# [Data for this task]
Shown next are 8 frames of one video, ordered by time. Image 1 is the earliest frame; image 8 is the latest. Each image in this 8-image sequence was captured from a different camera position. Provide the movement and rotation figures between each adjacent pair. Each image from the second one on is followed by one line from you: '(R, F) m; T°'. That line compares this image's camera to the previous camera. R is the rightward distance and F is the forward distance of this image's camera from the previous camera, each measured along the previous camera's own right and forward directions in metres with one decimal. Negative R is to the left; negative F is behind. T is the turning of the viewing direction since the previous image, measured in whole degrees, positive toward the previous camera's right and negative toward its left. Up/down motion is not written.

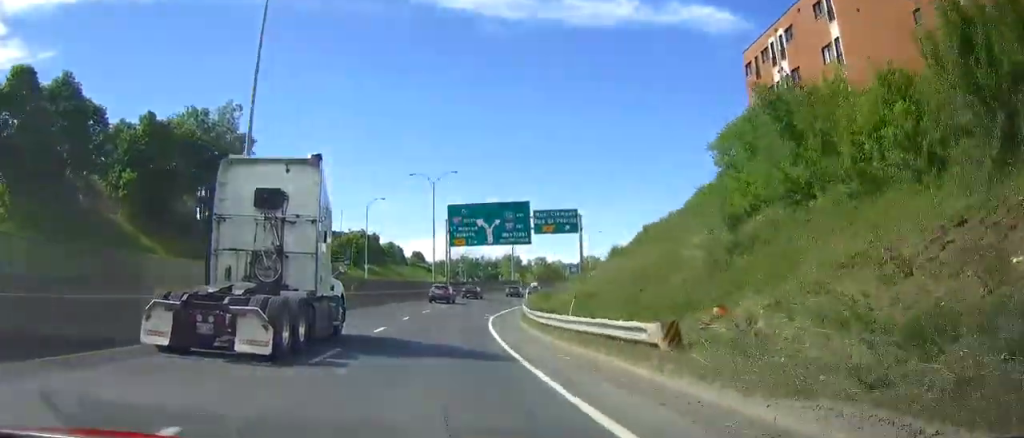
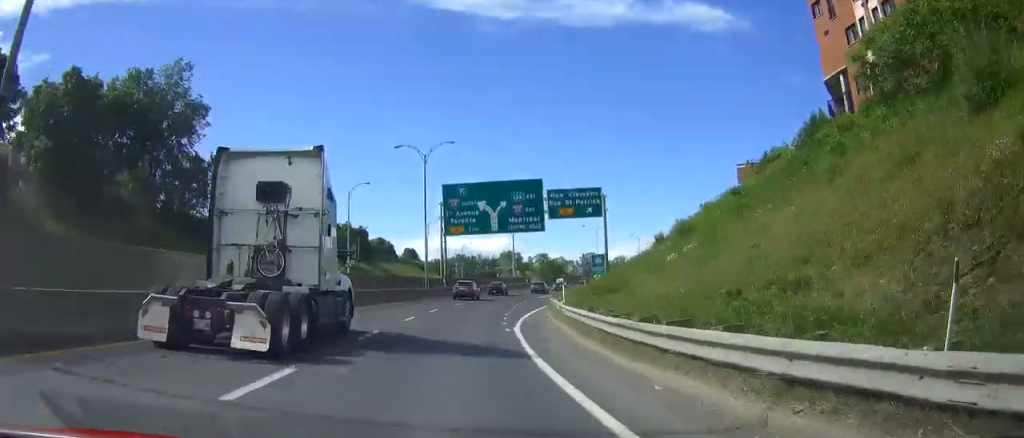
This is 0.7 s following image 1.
(+1.0, +14.9) m; +4°
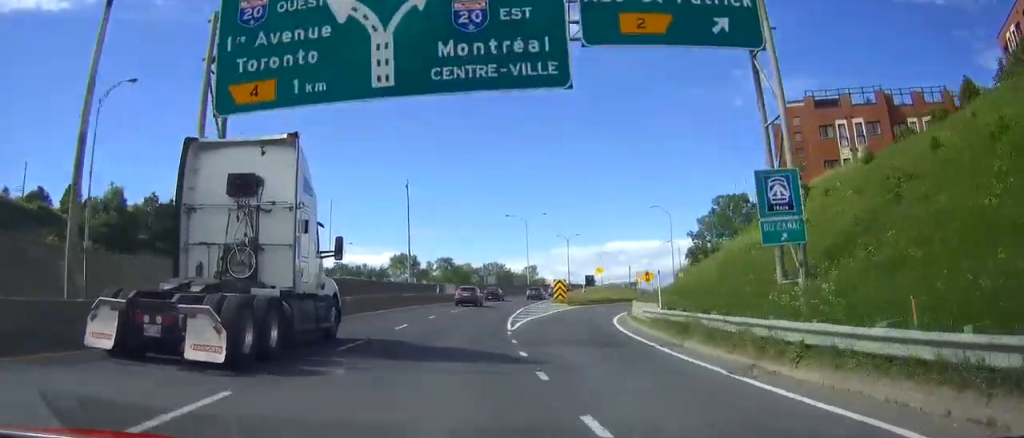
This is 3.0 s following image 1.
(0.0, +49.3) m; 0°
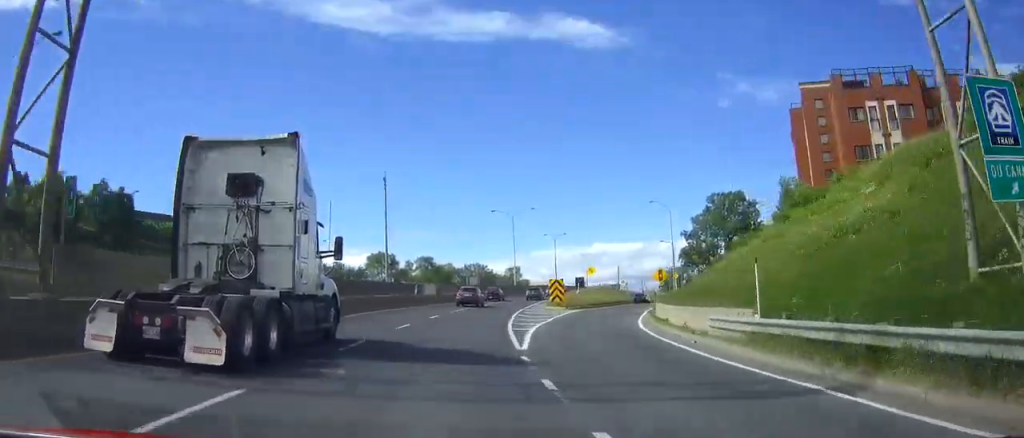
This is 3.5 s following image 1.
(0.0, +9.1) m; 0°
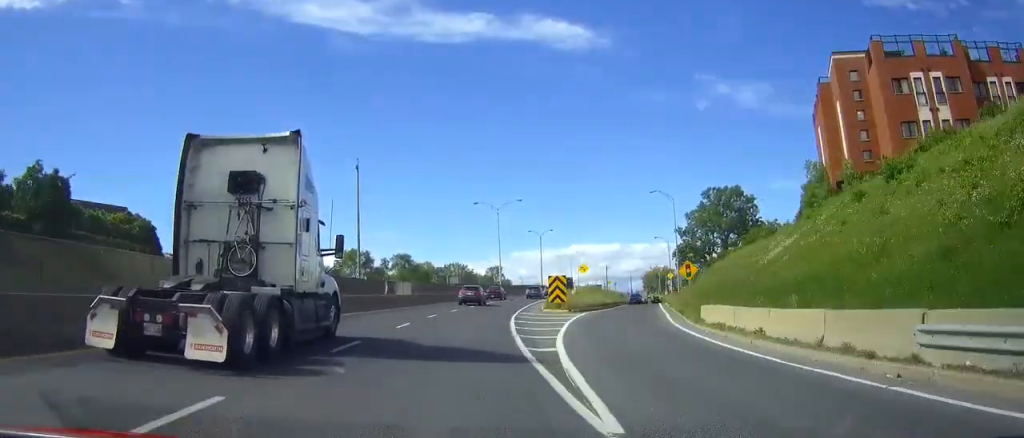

# [Exercise instructions]
Please repeat everything in the data above except the pictures, exactly as it reads.

# [Solution to the exercise]
Shown next are 8 frames of one video, ordered by time. Image 1 is the earliest frame; image 8 is the latest. Each image in this 8-image sequence was captured from a different camera position. Provide the movement and rotation figures between each adjacent pair. Each image from the second one on is followed by one line from you: '(R, F) m; T°'. That line compares this image's camera to the previous camera. R is the rightward distance and F is the forward distance of this image's camera from the previous camera, each measured along the previous camera's own right and forward directions in metres with one decimal. Negative R is to the left; negative F is behind. T is the turning of the viewing direction since the previous image, measured in whole degrees, positive toward the previous camera's right and negative toward its left. Up/down motion is not written.

This is 0.7 s following image 1.
(+1.0, +14.9) m; +4°
This is 3.0 s following image 1.
(0.0, +49.3) m; 0°
This is 3.5 s following image 1.
(0.0, +9.1) m; 0°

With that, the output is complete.